# Night biting



## Wendybird42 (Oct 20, 2017)

So I have been co sleeping with my DS since birth and at 4 months she started nursing straight through the night. She has been sleeping in the crook of my arm pit and nursing at will. This was a nice arraignment until a few days ago. We are at 5 1/2 months now with two teeth fully present and, well the teeth have been around for about two weeks. But just now she has started to bite my nipples at night. In the beginning I was just switching her to the other side. But she just bites the other side than. So then I started pulling her off and placing her about six inches away from me until she starts to cry. But then she bites again! So then I pull her away and when she starts crying I let her cry for a bit. 

I asked the most gentle and new age momma I know and she totally surprised me by saying "yell loud enough to make her cry, scare her, don't let her do that to you!". 

So now I have added an assertive grrrrr and anger face to the being placed away from me and sitting alone until crying a bit. 

She bites in the day time too. But it doesn't feel as often. I've read that they bite when they are finished but she keeps going back to nurse again and again and then biting.
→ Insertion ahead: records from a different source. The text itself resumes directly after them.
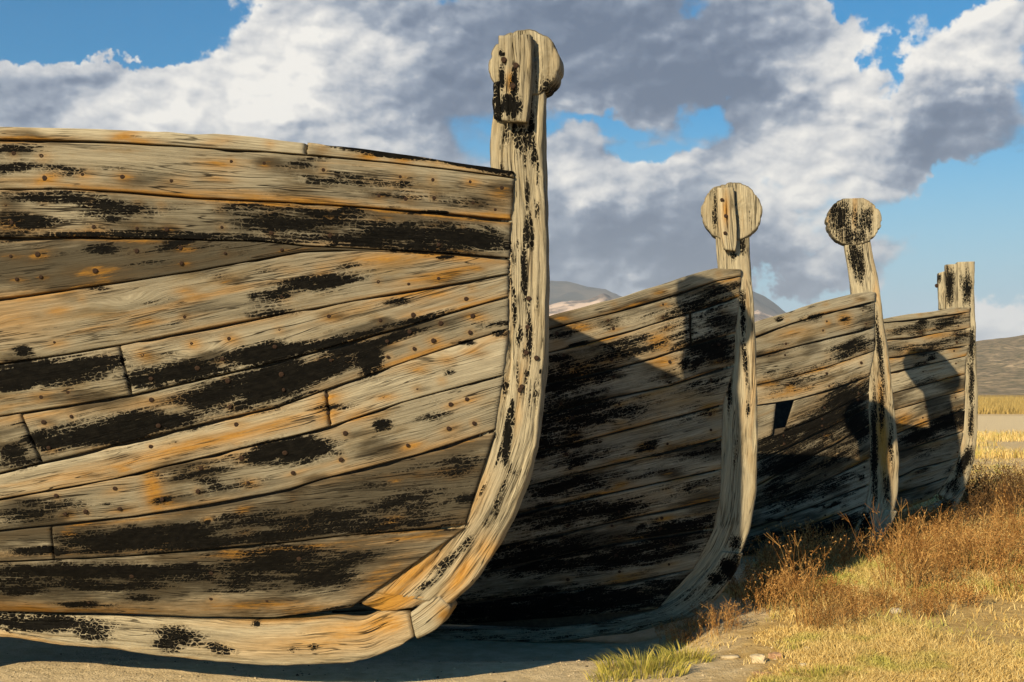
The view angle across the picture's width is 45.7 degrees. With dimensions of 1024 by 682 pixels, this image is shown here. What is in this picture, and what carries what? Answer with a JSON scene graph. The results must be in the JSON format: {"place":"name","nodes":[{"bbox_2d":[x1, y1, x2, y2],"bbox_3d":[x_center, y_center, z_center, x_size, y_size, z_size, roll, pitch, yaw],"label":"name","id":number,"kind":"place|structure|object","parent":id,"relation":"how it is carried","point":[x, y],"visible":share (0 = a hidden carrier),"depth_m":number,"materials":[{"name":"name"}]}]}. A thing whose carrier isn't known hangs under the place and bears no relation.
{"place":"outdoors","nodes":[
{"label":"outdoors","id":0,"kind":"place"},
{"bbox_2d":[7,623,779,681],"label":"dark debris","id":1,"kind":"object","parent":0,"point":[377,680],"visible":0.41,"depth_m":6.62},
{"bbox_2d":[1,621,853,681],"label":"gravel","id":2,"kind":"structure","parent":0,"point":[380,671],"depth_m":6.62,"materials":[{"name":"stone"}]},
{"bbox_2d":[0,395,1023,681],"bbox_3d":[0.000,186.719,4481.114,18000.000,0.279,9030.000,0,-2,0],"label":"ground","id":3,"kind":"structure","parent":0,"point":[482,661],"depth_m":7.42,"materials":[{"name":"beige sand"}]},
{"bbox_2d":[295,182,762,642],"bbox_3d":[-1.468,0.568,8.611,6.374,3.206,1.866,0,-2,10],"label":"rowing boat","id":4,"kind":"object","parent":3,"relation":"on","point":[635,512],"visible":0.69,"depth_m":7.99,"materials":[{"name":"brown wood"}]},
{"bbox_2d":[581,664,635,681],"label":"grass tuft","id":5,"kind":"object","parent":3,"relation":"on","point":[600,678],"visible":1,"depth_m":6.33,"materials":[{"name":"green plant"}]},
{"bbox_2d":[588,646,698,678],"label":"grass tuft","id":6,"kind":"object","parent":3,"relation":"on","point":[649,665],"visible":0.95,"depth_m":6.50,"materials":[{"name":"green plant"}]},
{"bbox_2d":[652,617,701,647],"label":"dry weed","id":7,"kind":"object","parent":3,"relation":"on","point":[682,637],"visible":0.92,"depth_m":7.70,"materials":[{"name":"brown plant"}]},
{"bbox_2d":[645,640,716,663],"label":"grass tuft","id":8,"kind":"object","parent":3,"relation":"on","point":[696,655],"visible":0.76,"depth_m":6.83,"materials":[{"name":"green plant"}]},
{"bbox_2d":[670,609,711,634],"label":"dry weed","id":9,"kind":"object","parent":3,"relation":"on","point":[679,626],"visible":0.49,"depth_m":7.95,"materials":[{"name":"brown plant"}]},
{"bbox_2d":[688,597,749,637],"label":"dry weed","id":10,"kind":"object","parent":3,"relation":"on","point":[714,624],"visible":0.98,"depth_m":7.67,"materials":[{"name":"brown plant"}]},
{"bbox_2d":[720,655,739,658],"bbox_3d":[1.230,1.784,6.857,0.115,0.026,0.048,0,-2,-6],"label":"stone","id":11,"kind":"object","parent":3,"relation":"on","point":[729,656],"visible":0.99,"depth_m":6.84,"materials":[{"name":"beige stone"}]},
{"bbox_2d":[749,654,766,663],"bbox_3d":[1.362,1.764,6.729,0.092,0.062,0.064,-1,-3,19],"label":"stone","id":12,"kind":"object","parent":3,"relation":"on","point":[760,657],"visible":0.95,"depth_m":6.71,"materials":[{"name":"beige stone"}]},
{"bbox_2d":[725,540,794,602],"bbox_3d":[1.701,1.637,8.639,0.589,0.438,0.559,1,-3,-21],"label":"dry weed","id":13,"kind":"object","parent":3,"relation":"on","point":[744,574],"visible":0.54,"depth_m":8.62,"materials":[{"name":"brown plant"}]},
{"bbox_2d":[752,671,770,675],"bbox_3d":[1.321,1.760,6.425,0.109,0.027,0.049,0,-2,-2],"label":"brick fragment","id":14,"kind":"object","parent":3,"relation":"on","point":[762,673],"visible":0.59,"depth_m":6.41,"materials":[{"name":"orange brick"}]},
{"bbox_2d":[728,564,802,614],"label":"dry weed","id":15,"kind":"object","parent":3,"relation":"on","point":[759,594],"visible":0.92,"depth_m":8.20,"materials":[{"name":"brown plant"}]},
{"bbox_2d":[768,652,782,658],"bbox_3d":[1.479,1.768,6.825,0.079,0.041,0.065,1,-2,-14],"label":"brick fragment","id":16,"kind":"object","parent":3,"relation":"on","point":[773,655],"visible":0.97,"depth_m":6.80,"materials":[{"name":"orange brick"}]},
{"bbox_2d":[741,535,829,580],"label":"dry weed","id":17,"kind":"object","parent":3,"relation":"on","point":[782,556],"visible":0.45,"depth_m":9.19,"materials":[{"name":"brown plant"}]},
{"bbox_2d":[752,551,821,605],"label":"dry weed","id":18,"kind":"object","parent":3,"relation":"on","point":[805,575],"visible":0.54,"depth_m":8.46,"materials":[{"name":"brown plant"}]},
{"bbox_2d":[750,536,828,566],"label":"dry weed","id":19,"kind":"object","parent":3,"relation":"on","point":[775,552],"visible":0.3,"depth_m":10.29,"materials":[{"name":"brown plant"}]},
{"bbox_2d":[755,516,848,575],"bbox_3d":[2.279,1.643,9.566,0.614,0.530,0.648,1,-3,-23],"label":"dry weed","id":20,"kind":"object","parent":3,"relation":"on","point":[814,549],"visible":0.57,"depth_m":9.60,"materials":[{"name":"brown plant"}]},
{"bbox_2d":[766,531,842,627],"bbox_3d":[1.866,1.527,7.759,0.667,0.616,0.450,5,-6,-66],"label":"dry weed","id":21,"kind":"object","parent":3,"relation":"on","point":[811,597],"visible":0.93,"depth_m":7.65,"materials":[{"name":"brown plant"}]},
{"bbox_2d":[777,562,857,602],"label":"dry weed","id":22,"kind":"object","parent":3,"relation":"on","point":[833,586],"visible":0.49,"depth_m":8.59,"materials":[{"name":"brown plant"}]},
{"bbox_2d":[742,198,898,555],"bbox_3d":[0.068,0.368,11.561,6.927,3.274,1.886,0,-2,10],"label":"rowing boat","id":23,"kind":"object","parent":3,"relation":"on","point":[828,451],"visible":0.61,"depth_m":10.88,"materials":[{"name":"brown wood"}]},
{"bbox_2d":[781,662,871,681],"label":"grass tuft","id":24,"kind":"object","parent":3,"relation":"on","point":[819,673],"visible":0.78,"depth_m":6.36,"materials":[{"name":"yellow plant"}]},
{"bbox_2d":[790,516,869,571],"bbox_3d":[2.589,1.675,9.928,0.648,0.493,0.614,-1,-2,17],"label":"dry weed","id":25,"kind":"object","parent":3,"relation":"on","point":[845,553],"visible":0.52,"depth_m":9.94,"materials":[{"name":"brown plant"}]},
{"bbox_2d":[797,585,871,631],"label":"dry weed","id":26,"kind":"object","parent":3,"relation":"on","point":[821,612],"visible":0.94,"depth_m":7.52,"materials":[{"name":"brown plant"}]},
{"bbox_2d":[814,531,867,558],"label":"dry weed","id":27,"kind":"object","parent":3,"relation":"on","point":[838,546],"visible":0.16,"depth_m":10.81,"materials":[{"name":"brown plant"}]},
{"bbox_2d":[831,521,884,552],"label":"dry weed","id":28,"kind":"object","parent":3,"relation":"on","point":[855,535],"visible":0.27,"depth_m":10.84,"materials":[{"name":"brown plant"}]},
{"bbox_2d":[824,523,893,562],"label":"dry weed","id":29,"kind":"object","parent":3,"relation":"on","point":[864,547],"visible":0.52,"depth_m":10.21,"materials":[{"name":"brown plant"}]},
{"bbox_2d":[833,592,891,622],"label":"dry weed","id":30,"kind":"object","parent":3,"relation":"on","point":[860,605],"visible":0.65,"depth_m":7.85,"materials":[{"name":"brown plant"}]},
{"bbox_2d":[835,576,903,609],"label":"dry weed","id":31,"kind":"object","parent":3,"relation":"on","point":[870,591],"visible":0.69,"depth_m":8.25,"materials":[{"name":"brown plant"}]},
{"bbox_2d":[853,522,931,563],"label":"dry weed","id":32,"kind":"object","parent":3,"relation":"on","point":[890,538],"visible":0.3,"depth_m":10.27,"materials":[{"name":"brown plant"}]},
{"bbox_2d":[839,499,947,597],"bbox_3d":[2.708,1.499,8.785,0.528,0.764,0.783,3,-4,-52],"label":"dry weed","id":33,"kind":"object","parent":3,"relation":"on","point":[907,567],"visible":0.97,"depth_m":8.72,"materials":[{"name":"brown plant"}]},
{"bbox_2d":[889,607,902,613],"bbox_3d":[2.548,1.797,8.081,0.105,0.050,0.061,1,-3,-21],"label":"stone","id":34,"kind":"object","parent":3,"relation":"on","point":[893,609],"visible":0.61,"depth_m":8.06,"materials":[{"name":"beige stone"}]},
{"bbox_2d":[890,497,920,533],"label":"dry weed","id":35,"kind":"object","parent":3,"relation":"on","point":[902,517],"visible":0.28,"depth_m":12.23,"materials":[{"name":"brown plant"}]},
{"bbox_2d":[879,531,942,575],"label":"dry weed","id":36,"kind":"object","parent":3,"relation":"on","point":[893,554],"visible":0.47,"depth_m":9.72,"materials":[{"name":"brown plant"}]},
{"bbox_2d":[895,502,933,525],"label":"dry weed","id":37,"kind":"object","parent":3,"relation":"on","point":[917,508],"visible":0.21,"depth_m":13.24,"materials":[{"name":"brown plant"}]},
{"bbox_2d":[876,581,953,619],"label":"dry weed","id":38,"kind":"object","parent":3,"relation":"on","point":[927,604],"visible":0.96,"depth_m":7.97,"materials":[{"name":"brown plant"}]},
{"bbox_2d":[884,506,957,548],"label":"dry weed","id":39,"kind":"object","parent":3,"relation":"on","point":[906,528],"visible":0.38,"depth_m":10.80,"materials":[{"name":"brown plant"}]},
{"bbox_2d":[889,510,954,538],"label":"dry weed","id":40,"kind":"object","parent":3,"relation":"on","point":[928,525],"visible":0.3,"depth_m":11.82,"materials":[{"name":"brown plant"}]},
{"bbox_2d":[902,501,951,531],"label":"dry weed","id":41,"kind":"object","parent":3,"relation":"on","point":[923,514],"visible":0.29,"depth_m":12.59,"materials":[{"name":"brown plant"}]},
{"bbox_2d":[882,540,977,589],"bbox_3d":[3.073,1.664,9.019,0.684,0.440,0.652,0,-2,-2],"label":"dry weed","id":42,"kind":"object","parent":3,"relation":"on","point":[947,565],"visible":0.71,"depth_m":8.96,"materials":[{"name":"brown plant"}]},
{"bbox_2d":[883,261,977,520],"bbox_3d":[1.951,0.653,14.251,6.663,3.049,2.002,0,-2,10],"label":"rowing boat","id":43,"kind":"object","parent":3,"relation":"on","point":[933,364],"visible":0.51,"depth_m":13.59,"materials":[{"name":"brown wood"}]},
{"bbox_2d":[896,509,979,559],"bbox_3d":[3.578,1.663,10.182,0.670,0.513,0.707,-1,-3,30],"label":"dry weed","id":44,"kind":"object","parent":3,"relation":"on","point":[946,540],"visible":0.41,"depth_m":10.19,"materials":[{"name":"brown plant"}]},
{"bbox_2d":[905,499,974,523],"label":"dry weed","id":45,"kind":"object","parent":3,"relation":"on","point":[942,511],"visible":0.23,"depth_m":13.32,"materials":[{"name":"brown plant"}]},
{"bbox_2d":[921,506,971,534],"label":"dry weed","id":46,"kind":"object","parent":3,"relation":"on","point":[955,520],"visible":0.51,"depth_m":12.17,"materials":[{"name":"brown plant"}]},
{"bbox_2d":[903,573,998,607],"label":"dry weed","id":47,"kind":"object","parent":3,"relation":"on","point":[965,593],"visible":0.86,"depth_m":8.43,"materials":[{"name":"brown plant"}]},
{"bbox_2d":[917,526,1000,580],"bbox_3d":[3.452,1.691,9.598,0.640,0.439,0.554,1,-2,-18],"label":"dry weed","id":48,"kind":"object","parent":3,"relation":"on","point":[976,561],"visible":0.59,"depth_m":9.51,"materials":[{"name":"brown plant"}]},
{"bbox_2d":[929,495,1001,530],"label":"dry weed","id":49,"kind":"object","parent":3,"relation":"on","point":[973,518],"visible":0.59,"depth_m":12.61,"materials":[{"name":"brown plant"}]},
{"bbox_2d":[933,465,1014,513],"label":"dry weed","id":50,"kind":"object","parent":3,"relation":"on","point":[971,487],"visible":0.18,"depth_m":14.58,"materials":[{"name":"brown plant"}]},
{"bbox_2d":[933,519,1017,552],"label":"dry weed","id":51,"kind":"object","parent":3,"relation":"on","point":[974,541],"visible":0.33,"depth_m":10.70,"materials":[{"name":"brown plant"}]},
{"bbox_2d":[933,521,1023,576],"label":"dry weed","id":52,"kind":"object","parent":3,"relation":"on","point":[1001,553],"visible":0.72,"depth_m":9.65,"materials":[{"name":"brown plant"}]},
{"bbox_2d":[952,452,1023,519],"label":"dry weed","id":53,"kind":"object","parent":3,"relation":"on","point":[981,496],"visible":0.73,"depth_m":13.69,"materials":[{"name":"brown plant"}]},
{"bbox_2d":[957,498,1023,550],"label":"dry weed","id":54,"kind":"object","parent":3,"relation":"on","point":[1002,526],"visible":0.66,"depth_m":10.85,"materials":[{"name":"brown plant"}]},
{"bbox_2d":[970,460,1023,513],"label":"dry weed","id":55,"kind":"object","parent":3,"relation":"on","point":[1018,477],"visible":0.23,"depth_m":14.86,"materials":[{"name":"brown plant"}]},
{"bbox_2d":[973,461,1023,512],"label":"dry weed","id":56,"kind":"object","parent":3,"relation":"on","point":[1021,491],"visible":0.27,"depth_m":14.79,"materials":[{"name":"brown plant"}]},
{"bbox_2d":[974,532,1023,573],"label":"dry weed","id":57,"kind":"object","parent":3,"relation":"on","point":[1018,555],"visible":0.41,"depth_m":9.98,"materials":[{"name":"brown plant"}]},
{"bbox_2d":[975,447,1023,495],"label":"dry weed","id":58,"kind":"object","parent":3,"relation":"on","point":[1006,467],"visible":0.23,"depth_m":15.59,"materials":[{"name":"brown plant"}]},
{"bbox_2d":[977,552,1023,596],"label":"dry weed","id":59,"kind":"object","parent":3,"relation":"on","point":[1005,575],"visible":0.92,"depth_m":8.91,"materials":[{"name":"brown plant"}]},
{"bbox_2d":[978,395,1023,413],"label":"reed bed","id":60,"kind":"object","parent":3,"relation":"on","point":[1003,405],"visible":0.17,"depth_m":84.43,"materials":[{"name":"yellow plant"}]},
{"bbox_2d":[986,479,1023,542],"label":"dry weed","id":61,"kind":"object","parent":3,"relation":"on","point":[1012,514],"visible":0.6,"depth_m":11.66,"materials":[{"name":"brown plant"}]},
{"bbox_2d":[0,0,1023,340],"label":"sky","id":62,"kind":"structure","parent":0,"point":[912,109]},
{"bbox_2d":[549,293,772,321],"bbox_3d":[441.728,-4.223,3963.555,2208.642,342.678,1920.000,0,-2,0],"label":"foothill","id":63,"kind":"structure","parent":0,"point":[558,307],"depth_m":4161.64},
{"bbox_2d":[549,281,785,315],"bbox_3d":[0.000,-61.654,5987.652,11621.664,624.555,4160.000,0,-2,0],"label":"mountain","id":64,"kind":"structure","parent":0,"point":[562,291],"depth_m":6250.83,"materials":[{"name":"grey stone"}]},
{"bbox_2d":[606,587,843,681],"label":"sparse grass","id":65,"kind":"structure","parent":0,"point":[780,618],"depth_m":7.50,"materials":[{"name":"beige plant"}]},
{"bbox_2d":[722,454,1023,681],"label":"dry grass","id":66,"kind":"structure","parent":0,"point":[883,644],"depth_m":7.12,"materials":[{"name":"beige plant"}]},
{"bbox_2d":[975,429,1023,458],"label":"verge grass","id":67,"kind":"structure","parent":0,"point":[981,452],"depth_m":33.09,"materials":[{"name":"yellow plant"}]},
{"bbox_2d":[976,335,1023,394],"bbox_3d":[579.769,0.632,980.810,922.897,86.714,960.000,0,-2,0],"label":"hill","id":68,"kind":"structure","parent":0,"point":[1000,365],"depth_m":752.32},
{"bbox_3d":[-3.310,1.633,6.479,0.700,0.272,0.240,0,-2,0],"label":"keel chock","id":69,"kind":"object","parent":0,"visible":0},
{"bbox_2d":[0,29,563,664],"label":"rowing boat","id":70,"kind":"object","parent":69,"relation":"on","point":[258,395],"visible":1,"depth_m":5.78,"materials":[{"name":"brown wood"}]}
]}

Ive offered her chew toys, she will chomp them for a moment but prefers my warm and sensitive flesh.


----------



## Wendybird42 (Oct 20, 2017)

The night biting has stopped! After my DD pooped out a big wad of human hair!! Not sure where she got a hold of that. I guess it was causing some serious indigestion. 

And the angry face plus a good grrrrr and a time out have cut the day time bites significantly. Just about one bite a day now.


----------